---
title: "Scheduling Algorithm for Clusters with Resource Hogs and Mice"
author:
- Vinayak Agarwal <va2083@nyu.edu>
- Neeraj Yadav <ny736@nyu.edu>
---
# Introduction
We see that while DRF is a fair scheduling algorithm, it inherently assumes that all incoming jobs would be similarly sized. Looking at various real world production traces, we see that this is not the case. In this project, we take inspiration from various other scheduling algorithms and modify DRF such that it supports pre-emption that helps in reduction of job wait times. This is especially helpful for short-lived jobs, that are able to achieve high turnaround times. We further extend the algorithm to allow the data center operator to tune the algorithm to give more importance to either of time or resources.
# Motivation
While [Dominant Resource Fairness](http://web.eecs.umich.edu/~mosharaf/Readings/DRF.pdf) provides a pretty fair scheduling algorithm, it falls short in certain scenarios. Consider a scenario where a user requests resources for a really long running job. In such a scenario, the subscequently incoming job may remain starved for a long time because DRF chooses the job with the smallest dominant resource, but does not take into account the running time of the job. From the [Borg]() papers, we see that in an actual production environment, there is a small fraction of jobs that take up most of the resources (and for a very long durations), while most other jobs are short-lived and don't take up as many resources. This means that most small jobs would have really large wait times because DRF does not support pre-emption.
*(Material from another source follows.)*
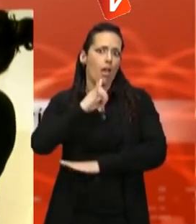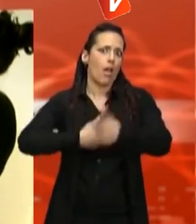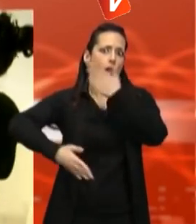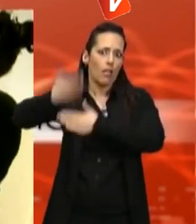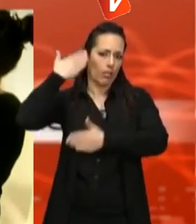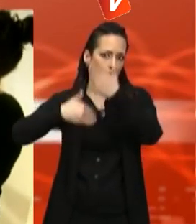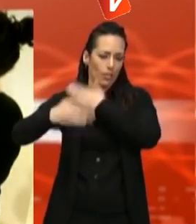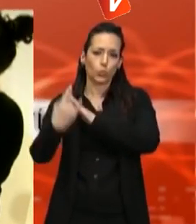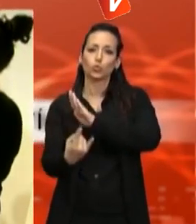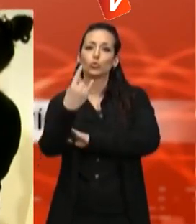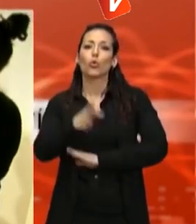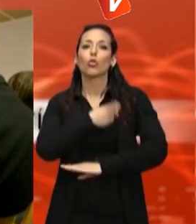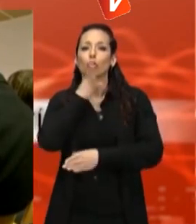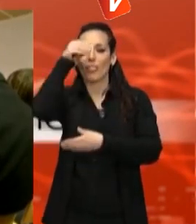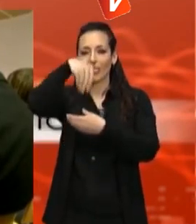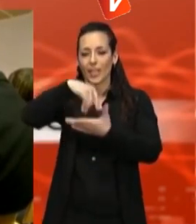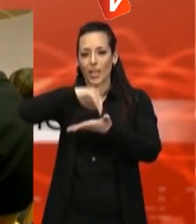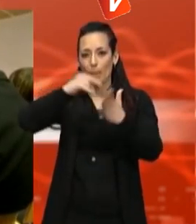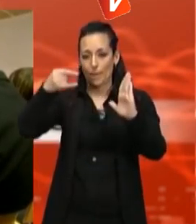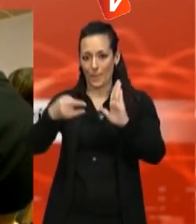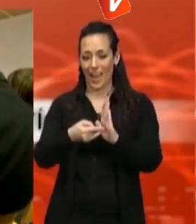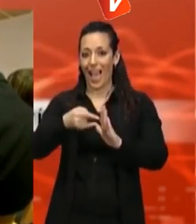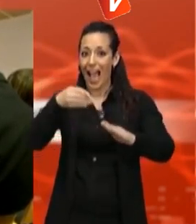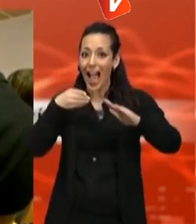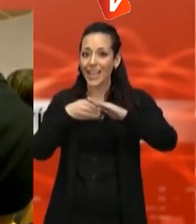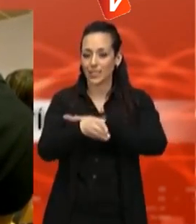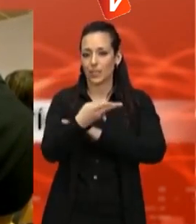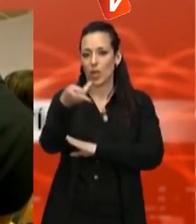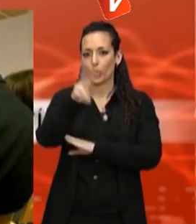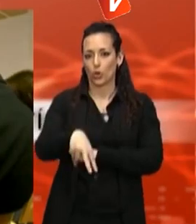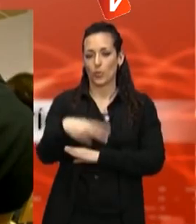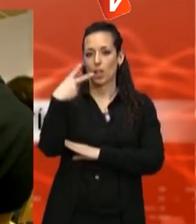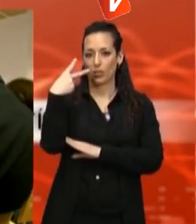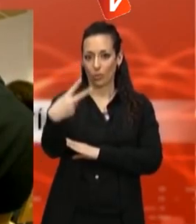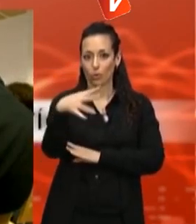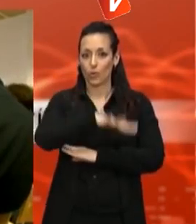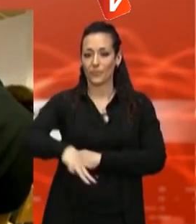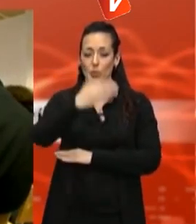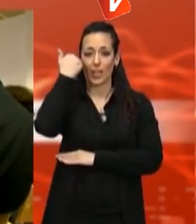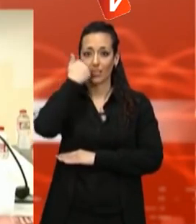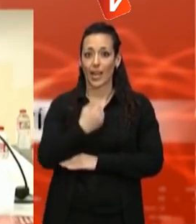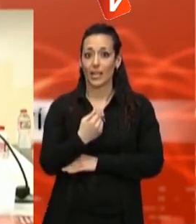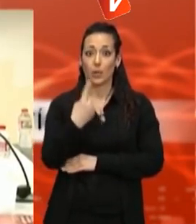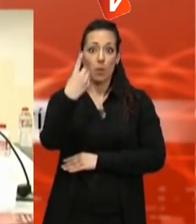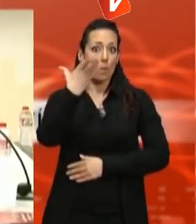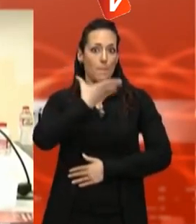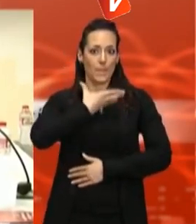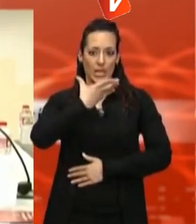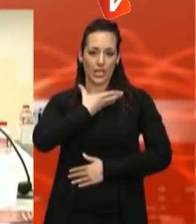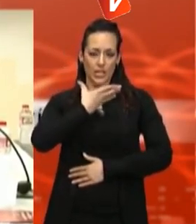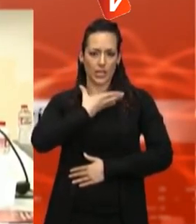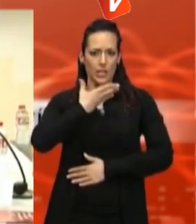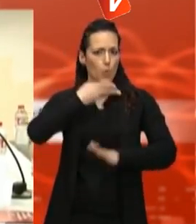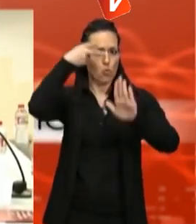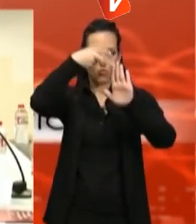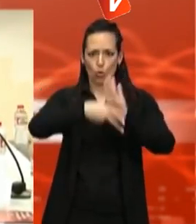del Pla d'Accessibilitat del 2002. Terrassa va ser un dels primers municipis d'Espanya i de Catalunya a endotar-se d'aquesta normativa.
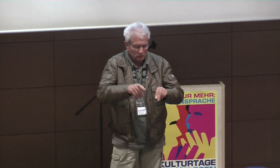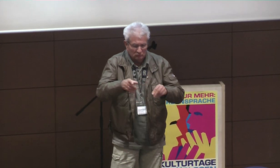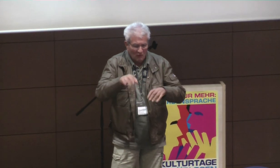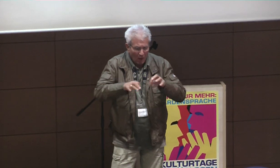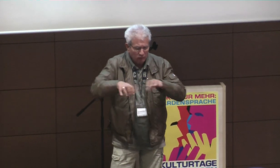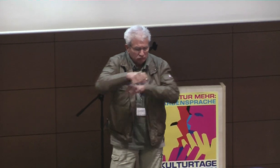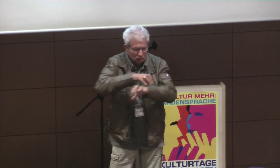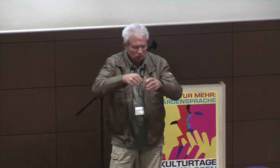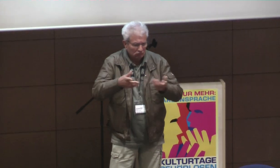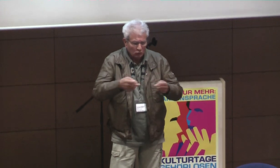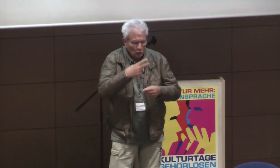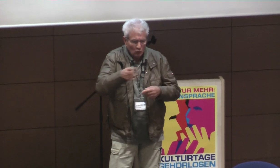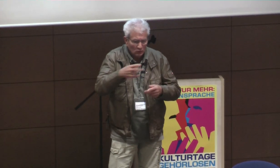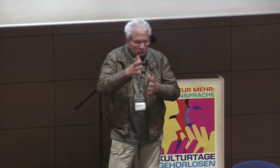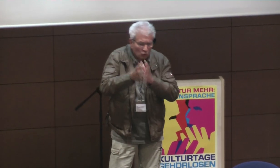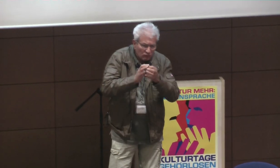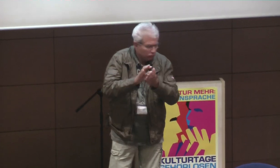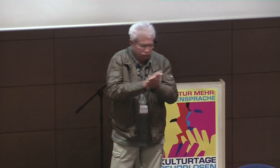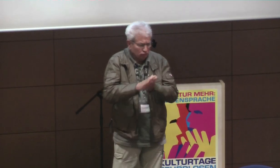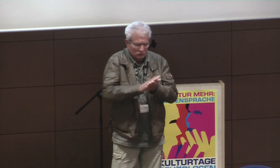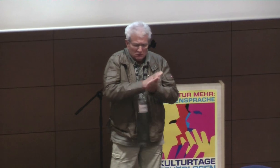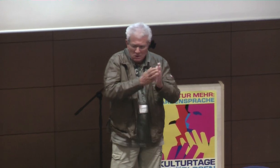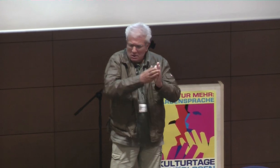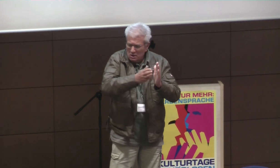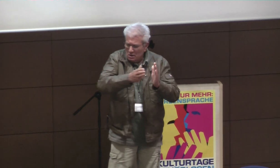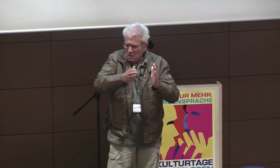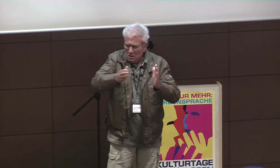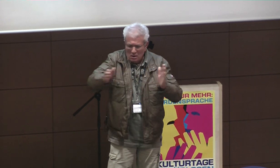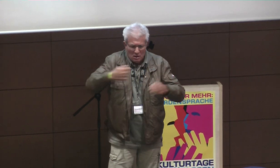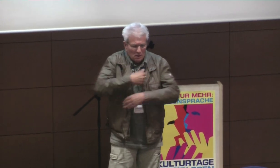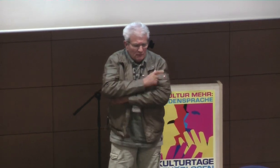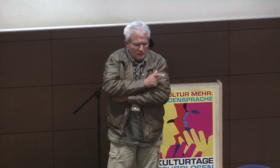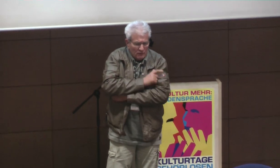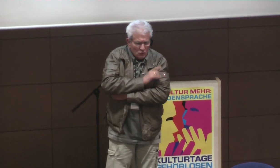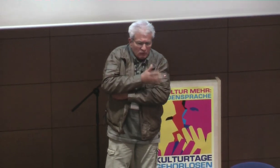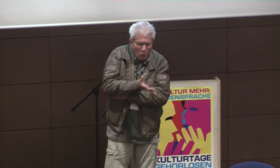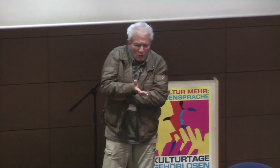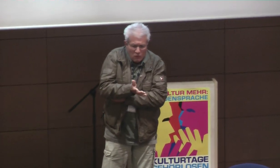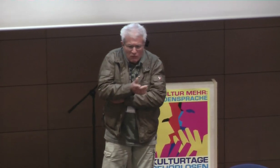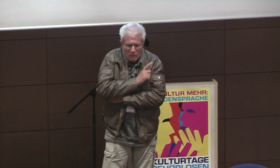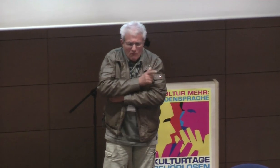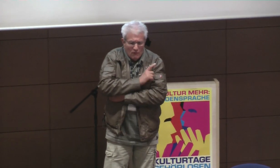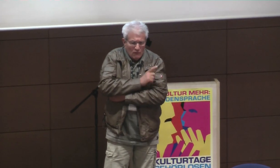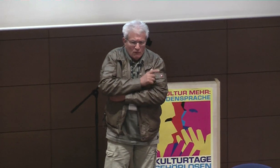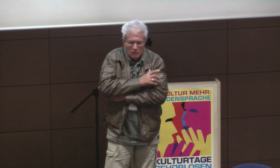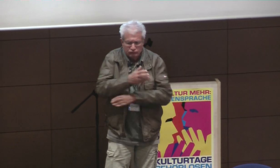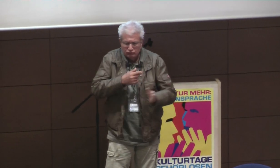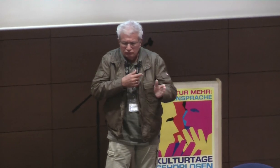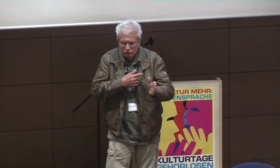äh, Begrüßung war dann noch dabei, denn bei der Wahl gab es denn überhaupt nichts, und ich war untertitel gar nichts, wie eine ganz lange Zeit hab ich denn gewartet, kommt da noch irgendwas, aber da kam wirklich
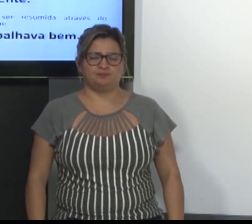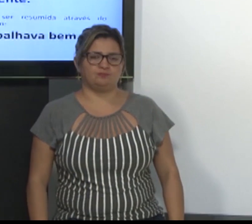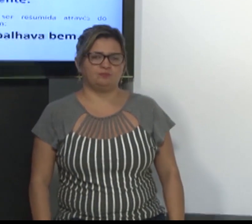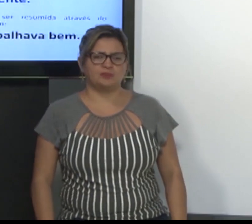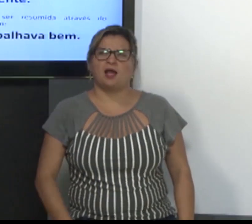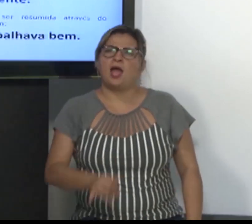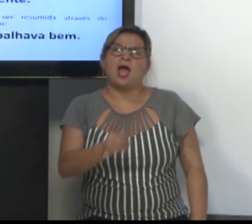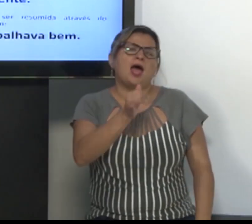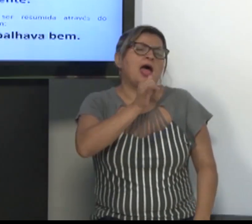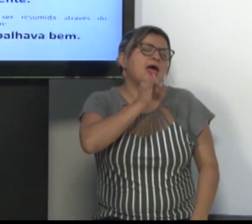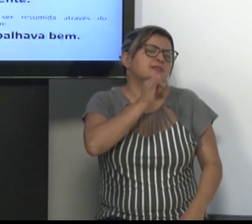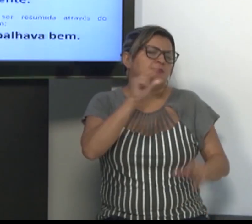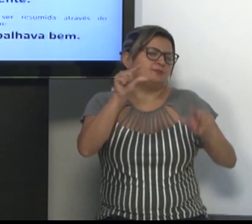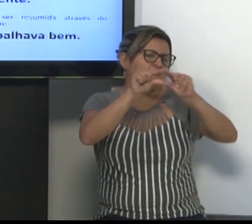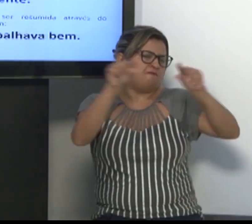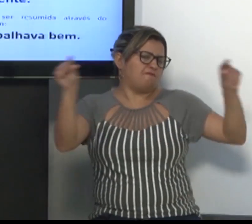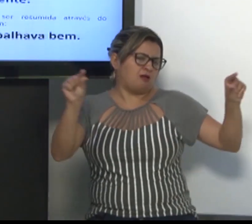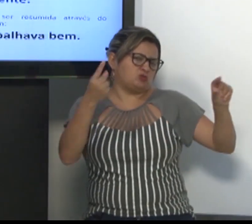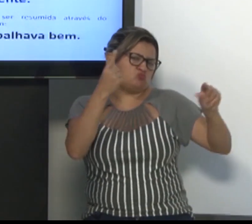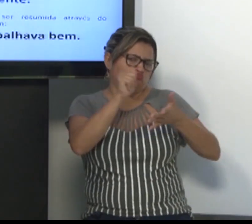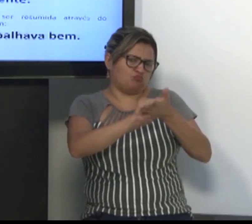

One way we see such a problem get resolved is by looking at [Themis](https://cs.nyu.edu/~apanda/classes/sp21/papers/themis.pdf), where each job is executed for a short span of time before being put back into the queue. This ensures all jobs are executed and no jobs are starved. Themis however considers that most jobs would be resource hogs instead. This may not hold for scenarios as seen in Borg. We need an algorithm that schedules both resource hogs and mice with equal priority while reducing the number of times a job is put back into the queue.
# Approach
We build upon the standard DRF algorithm which is as follows:
* The algorithm first calculates the share of each resource allocated to that user.
* The maximum share across different resource types is called the user's dominant share and the corresponding share is called the dominant resource. For example, a user with a huge computation-intensive job will have dominant resource as CPU.
* DRF then applies max-min fairness across users' dominant shares, i.e. maximizing the smallest dominant share first, and then the second smallest share, and so on.
We name our version of DRF as Pre-emptive DRF (PDRF). We define the dominant share of PDRF as:
`p * DRF’s dom share + (1-p) * t`
where,
t is the total time the job has executed, across allocations;
p is a tuning parameter to give weightage to either time or resources.
Just in like DRF, jobs with lower dominant share are given a higher priority in PDRF and are thus scheduled first. To be able to perform this computation, we keep track of both the total running time, as well as waiting time for each job. The running time and waiting time for the given set of jobs, in execution or still waiting to be scheduled, help us decide on when to preempt a job by replacing it with another high priority waiting job. We define two metrics t_alloc and t_wait as follows:
```
t_alloc = t_1 + t_2 +...t_n
t_wait = t_1 + t_2 +.. + t_m
```
We now using these metric to decide when to preempt a job, which is given by:
`If t_wait > t_alloc * alpha and “run time of job’s user” > min(average finish time of jobs/ queue_length, beta)`
where,
alpha and beta are tuning parameters.